(Stored records)
=== Section Start ===

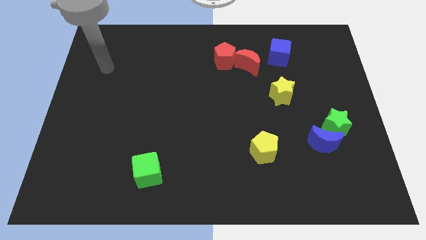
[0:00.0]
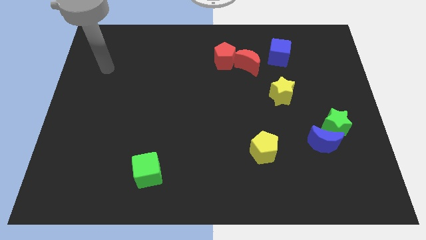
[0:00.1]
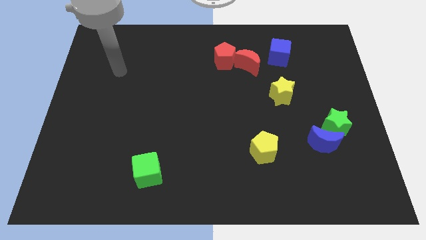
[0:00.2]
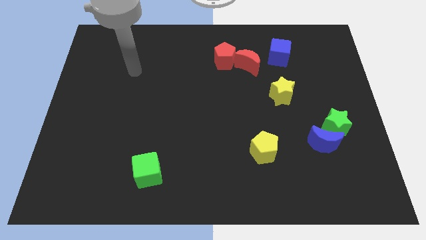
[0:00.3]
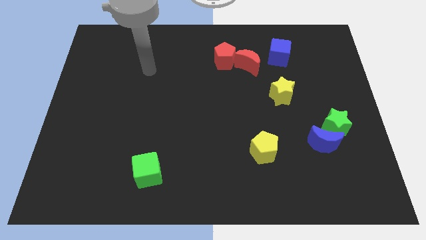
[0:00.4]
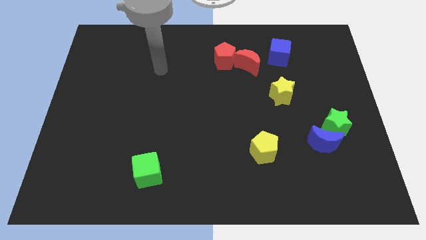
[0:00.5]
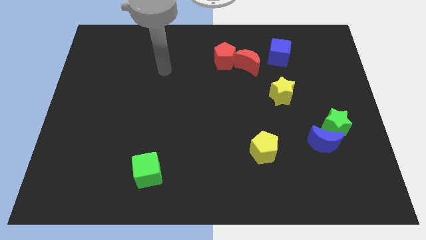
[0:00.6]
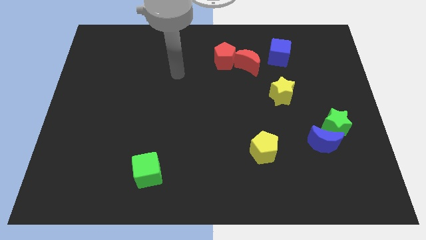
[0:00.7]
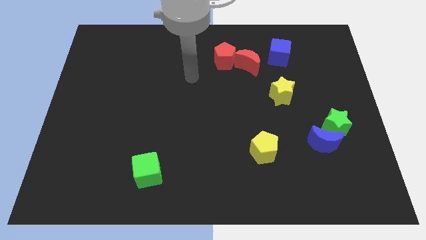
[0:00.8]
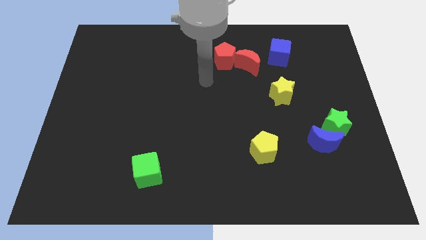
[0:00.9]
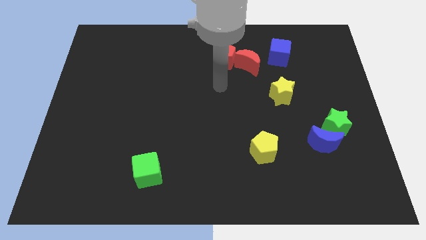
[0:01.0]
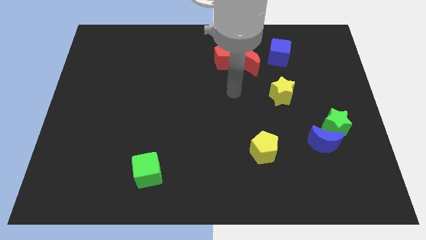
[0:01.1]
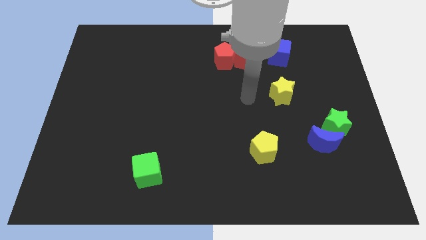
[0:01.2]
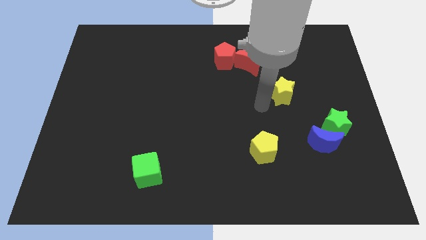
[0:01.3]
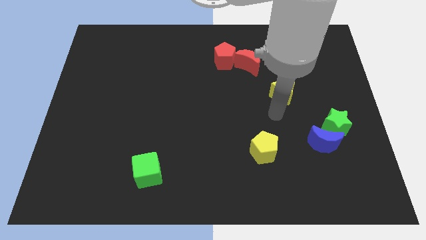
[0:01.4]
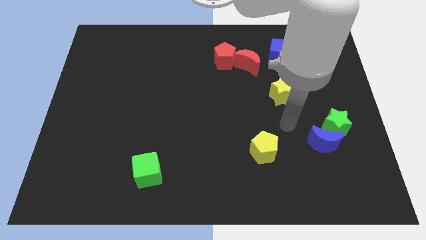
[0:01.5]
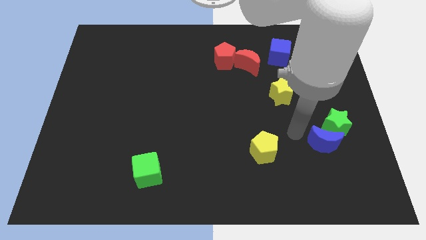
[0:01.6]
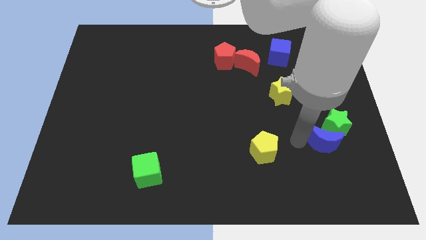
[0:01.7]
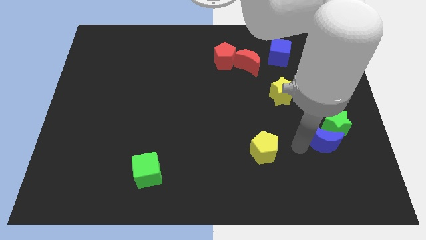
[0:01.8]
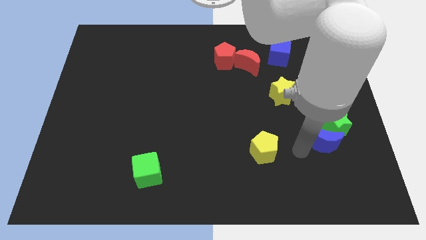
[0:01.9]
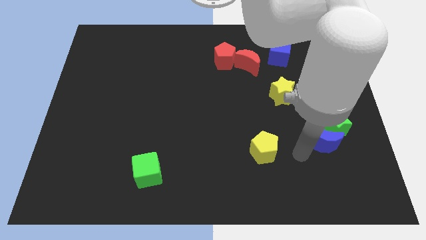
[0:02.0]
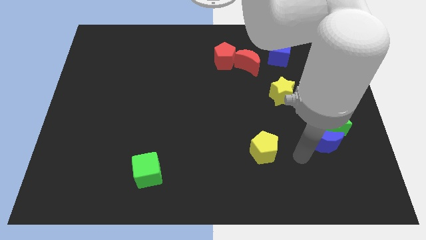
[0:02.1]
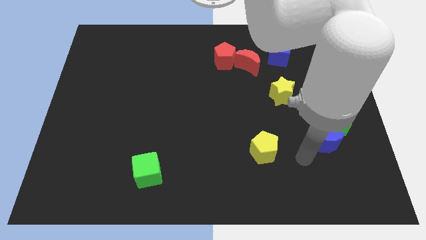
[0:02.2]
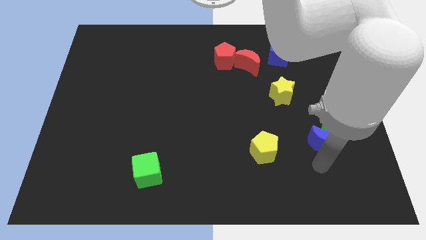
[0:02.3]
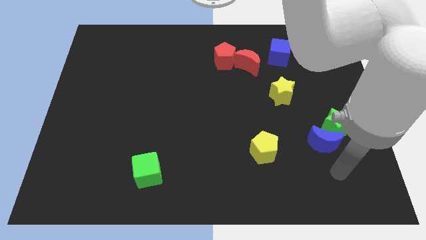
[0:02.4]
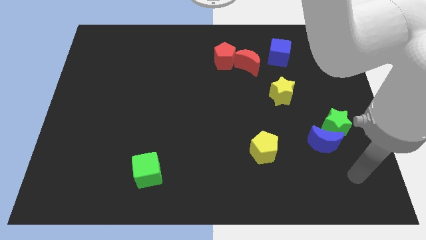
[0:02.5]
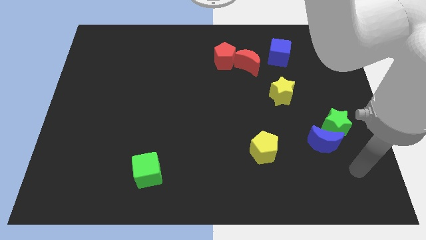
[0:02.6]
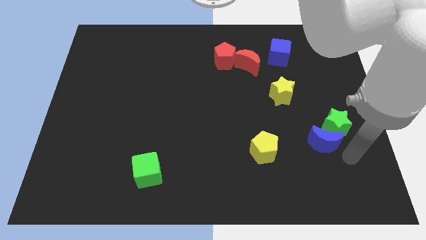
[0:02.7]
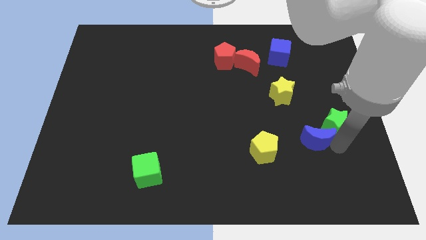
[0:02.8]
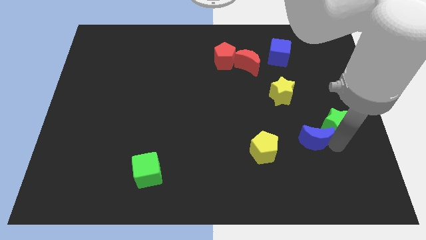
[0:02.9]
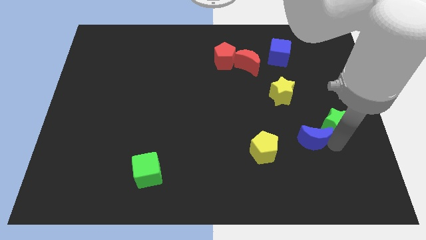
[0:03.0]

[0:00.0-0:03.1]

=== Section End ===

WHAT YOU HAVE TO DO
Return all the records exactly, excluding images.

TASK SOLUTION
[0:00.0]
[0:00.1]
[0:00.2]
[0:00.3]
[0:00.4]
[0:00.5]
[0:00.6]
[0:00.7]
[0:00.8]
[0:00.9]
[0:01.0]
[0:01.1]
[0:01.2]
[0:01.3]
[0:01.4]
[0:01.5]
[0:01.6]
[0:01.7]
[0:01.8]
[0:01.9]
[0:02.0]
[0:02.1]
[0:02.2]
[0:02.3]
[0:02.4]
[0:02.5]
[0:02.6]
[0:02.7]
[0:02.8]
[0:02.9]
[0:03.0]

[0:00.0-0:03.1]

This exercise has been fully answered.